Was that the best she could do? I had to act like a robot; did I have to think like one, too? Hey, wait a minute! "Who's been slipping? Me?" She slid one lip up over the other, half-smiled, shrugged. She would say no more, but she watched me as I walked around for a while, frowning and wondering.

We had gotten into the habit in the evenings of taking Rogo for walks in Clarendon Park, an indoor arboretum with some flowers and trees and a small aviary, all housed under a geodesic dome at the edge of Clarendon Level. It was a convenient place to let Rogo run. Out the right side of the dome, one could see, in staggered fashion downward, the lighted domes of Berkeley and Arlington parks, while above and to the left were the stepping-slab undersides of the upper-level parks, all dark and shadowy. The real attraction, though, was the Clarendon garden itself. Rogo liked to poke around the shrubbery; he snuffed his way curiously, with almost feline delicacy, rarely touching anything, even with his nose. Janice and I simply enjoyed the view and the flowers, and watched Rogo with his insatiable interest. It struck me as a curious thing that he was an alien from another world, because to us he was just someone with whom we shared our lives.

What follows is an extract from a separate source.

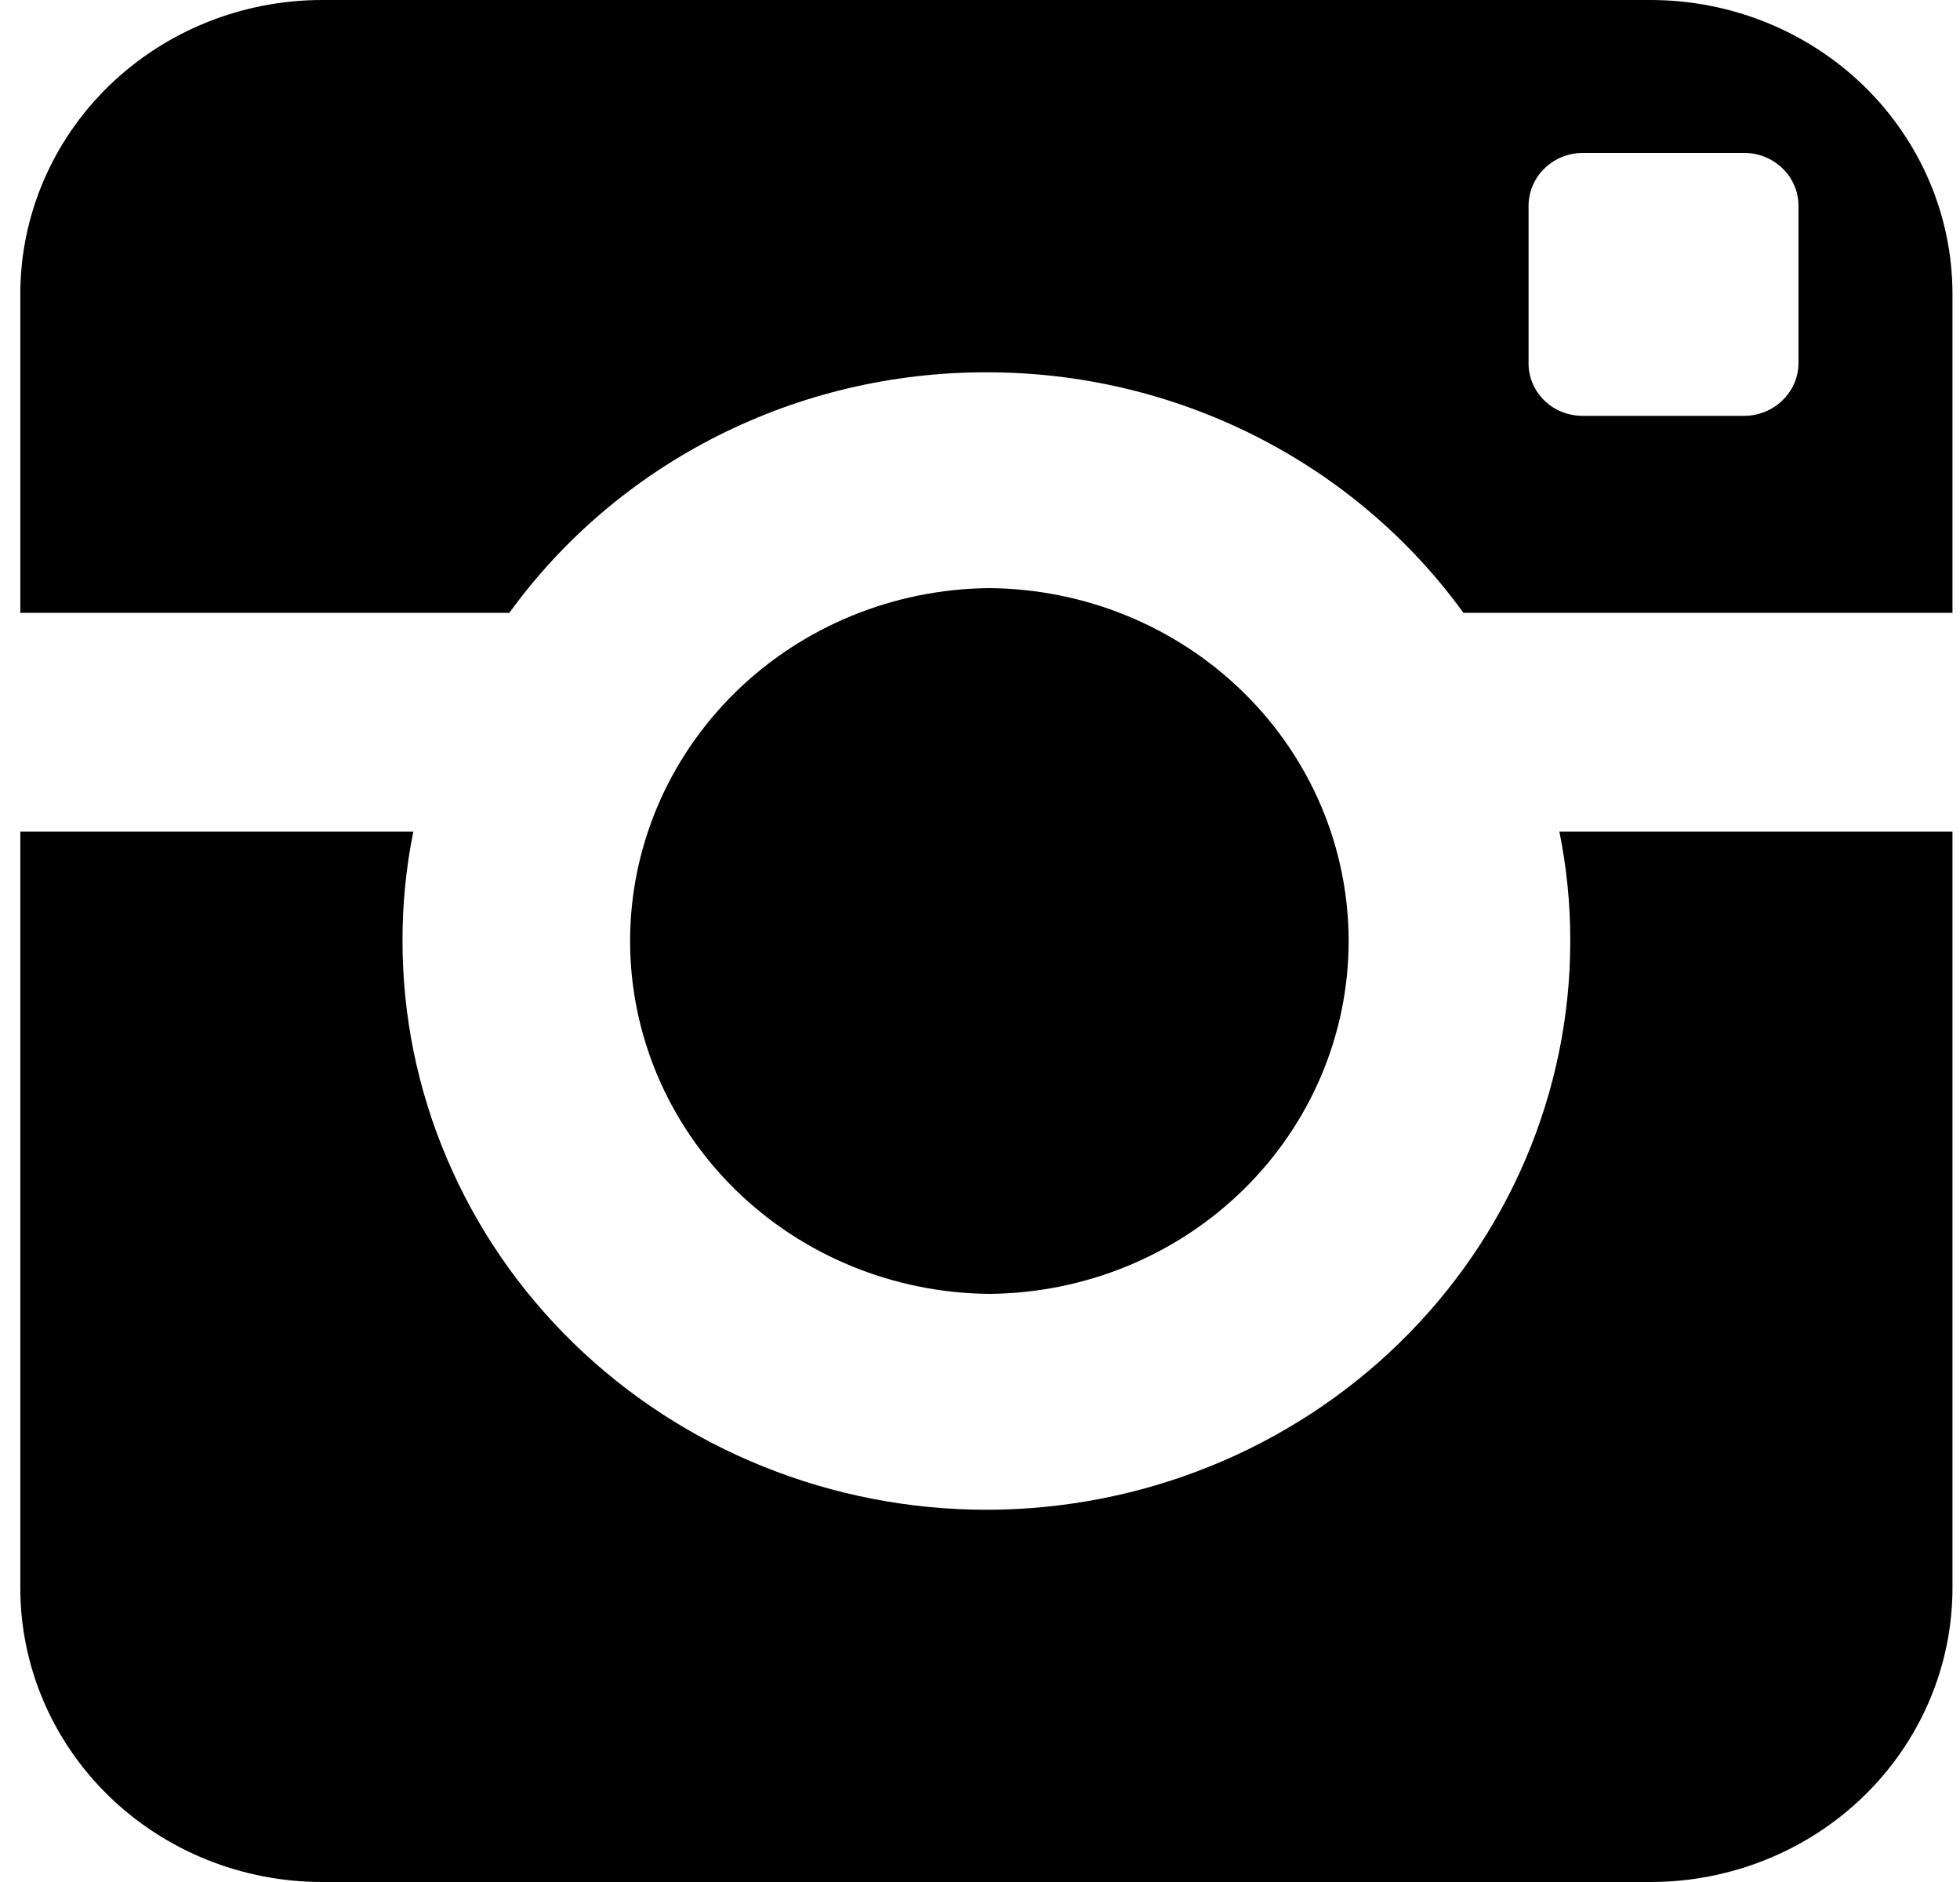 <svg width="25" height="24" viewBox="0 0 25 24" fill="none" xmlns="http://www.w3.org/2000/svg">
<path d="M20.029 12C20.029 13.924 19.244 15.768 17.847 17.128C16.451 18.488 14.556 19.253 12.581 19.253C11.603 19.253 10.635 19.065 9.731 18.7C8.828 18.336 8.007 17.802 7.315 17.128C6.623 16.455 6.075 15.655 5.701 14.775C5.326 13.896 5.134 12.952 5.134 12C5.133 11.532 5.179 11.064 5.272 10.605H0.259V20.25C0.259 21.245 0.664 22.198 1.386 22.902C2.109 23.605 3.088 24 4.109 24H21.053C22.074 24 23.054 23.605 23.776 22.902C24.498 22.198 24.904 21.245 24.904 20.25V10.605H19.89C19.983 11.064 20.03 11.532 20.029 12ZM21.053 0H4.109C3.088 0 2.109 0.395 1.386 1.098C0.664 1.802 0.259 2.755 0.259 3.75V7.815H6.497C7.184 6.866 8.095 6.092 9.154 5.558C10.213 5.024 11.389 4.746 12.581 4.748C13.774 4.746 14.949 5.024 16.008 5.558C17.067 6.092 17.979 6.866 18.666 7.815H24.904V3.75C24.904 2.755 24.498 1.802 23.776 1.098C23.054 0.395 22.074 0 21.053 0ZM22.94 4.635C22.938 4.813 22.864 4.982 22.734 5.107C22.605 5.232 22.429 5.303 22.247 5.303H20.191C20.1 5.303 20.01 5.287 19.926 5.254C19.842 5.221 19.765 5.172 19.701 5.11C19.636 5.048 19.585 4.974 19.55 4.892C19.515 4.811 19.497 4.723 19.497 4.635V2.625C19.497 2.446 19.57 2.274 19.7 2.148C19.83 2.021 20.007 1.95 20.191 1.95H22.247C22.431 1.95 22.607 2.021 22.737 2.148C22.867 2.274 22.94 2.446 22.94 2.625V4.635ZM17.202 12C17.202 10.813 16.721 9.674 15.862 8.831C15.004 7.988 13.839 7.51 12.62 7.5C11.401 7.51 10.235 7.988 9.377 8.831C8.519 9.674 8.037 10.813 8.037 12C8.037 13.187 8.519 14.326 9.377 15.169C10.235 16.012 11.401 16.49 12.62 16.5C13.839 16.49 15.004 16.012 15.862 15.169C16.721 14.326 17.202 13.187 17.202 12Z" fill="black"/>
</svg>

I was almost afraid to say it, but finally one night I remarked to Janice that I was getting a little tired of the park. Actually, I thought I was just in a soul-slump at the time, because I hadn't been enjoying much of anything lately. "Maybe it's the dog shit," she said dryly. I chuckled and dropped the subject, but I wondered what had prompted such a nasty remark. That was a long-standing annoyance to her, but she had been carefully keeping it to herself for harmony's sake. Well, one would have had to suppose that there was B-mot shit involved, too, although B-mots tend to be more discreet than dogs.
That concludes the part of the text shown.